- Много ли наловил? - спросила хозяйка и переглянулась с девочкой; обе при этом улыбнулись. - Эх ты, горе-рыбак! Слушался бы меня, лучше бы было.
- Говори! - ответил Степан угрюмо. - Вот пойдет из омутов - поспевай только вынимать.
- Неужто опять сидеть станешь всю ночь?
- Пойти изготовить снасть.
Упрямый мужик поднялся и сонно поплелся из избы, а хозяйка стала хлопотать около самовара. Девочка помогала матери.
- Дочка-то как на тебя похожа, - сказал я, - только глаза да волосы посветлее.
Женщина как-то странно улыбнулась и покраснела.
- А старик муж тебе?
Она покраснела еще больше, до самых ушей, и даже закрыла лицо широким узорно расшитым рукавом.
- Муж. Да он и не стар еще годами-те против меня. Работа да горе!.. Да теперь вот суется еще, как сонная муха, - почитай, неделю не спит: с рыбой связался... Забота! А пуще всего кручина извела его, как сынок у нас помер. Двадцатый год пойдет с филипповок, как в сыру землю Мишаньку уложили.
- Двадцатый год? - удивился я, глядя на зардевшееся румянцем моложавое лицо Дарьи Ивановны.
- Да мне ведь уже сорок два года... Никто не верит... И то еще горе извело. Сколь много слез мы пролили... Детей господь батюшка больше не дал.
- А девочка эта?
- То-то вот, говоришь ты: "похожа"! А она у меня богоданная, приемыш, сказала Дарья Ивановна, ласково и как-то серьезно гладя рукой белокурую головку прильнувшей к ней девочки. - Да все меня, дурушка, мамкой зовет, а у нее ведь и родная-то мать жива... Так ту, слышь, долго все "чужой тетей" звала. Насилу я ее, дурочку, выучила. Грех ведь! Вот теперь две мамки у нее. Да и у меня она тоже за двух: за дочку богоданную, да за сыночка родного, за Мишаньку...
Она вздохнула, и выражение глубокой грусти тихо легло на лицо, сменяя стыдливый румянец. Тонкими пальцами загорелой руки она перебирала сборки на рукаве прижимавшейся к ней девочки. Девочка затихла и смотрела ей в лицо снизу вверх, как будто ждала дальнейшего рассказа про умершего мальчика. Было что-то глубоко захватывающее в молчании матери, посвященном любимой тени.

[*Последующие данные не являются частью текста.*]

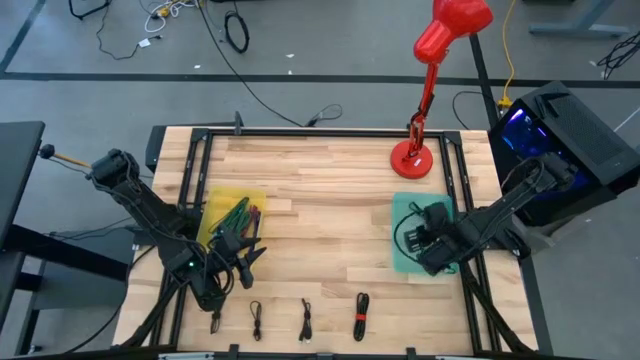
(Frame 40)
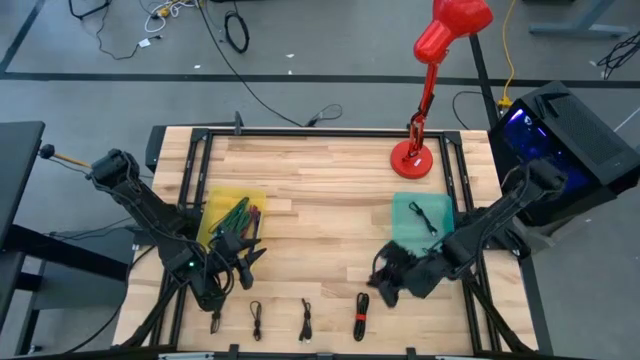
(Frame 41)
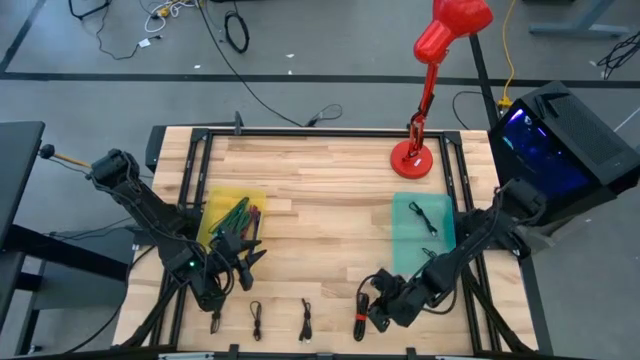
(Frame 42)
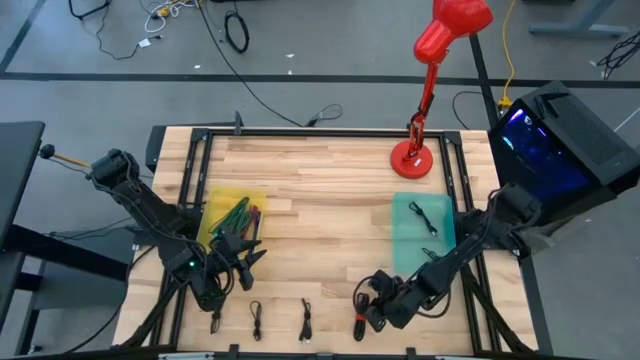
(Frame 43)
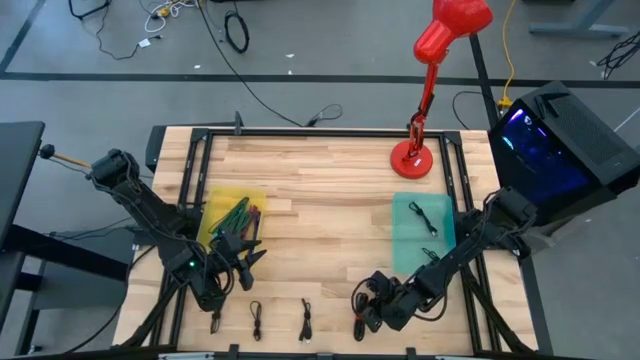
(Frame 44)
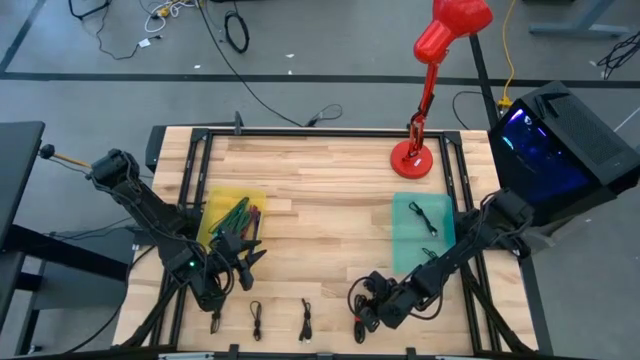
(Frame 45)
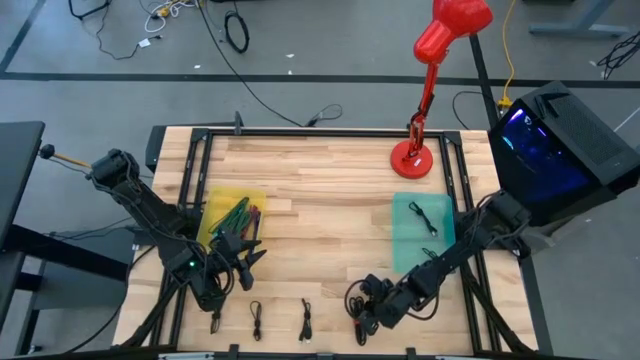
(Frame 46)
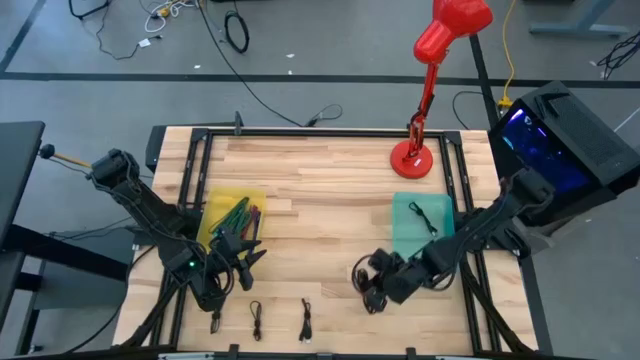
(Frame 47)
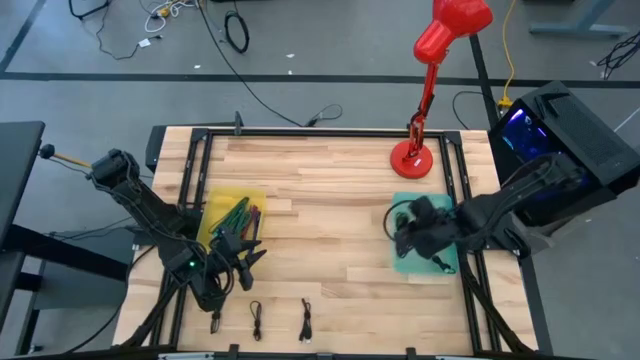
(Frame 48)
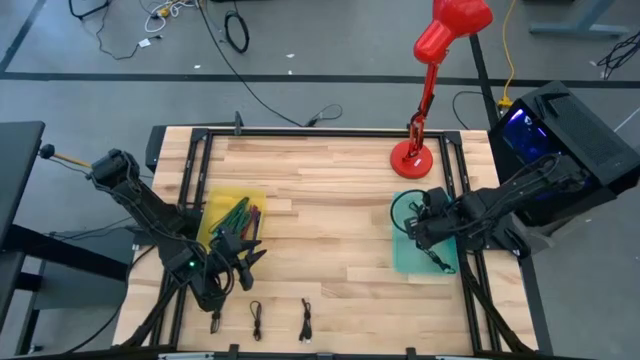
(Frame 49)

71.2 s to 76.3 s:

- Уж и красавчик был, уж и умной, - сказала она, разведя самовар и присаживаясь к столу. - Не я одна скажу, - кто знал, все дивились на него. Разговор имел приятный да степенный, иному взрослому впору, да и то еще кто поумнее... Право. Бывало, сторонние люди зайдут, послушают, так только головами качали. Если, мол, бог этому младенцу дозволит в возраст взойти, увидят от него родители себе утеху. Да, вишь, господь-то батюшка...
Она низко опустила голову и прижала девочку к груди, как будто в том месте у нее заболела старая рана.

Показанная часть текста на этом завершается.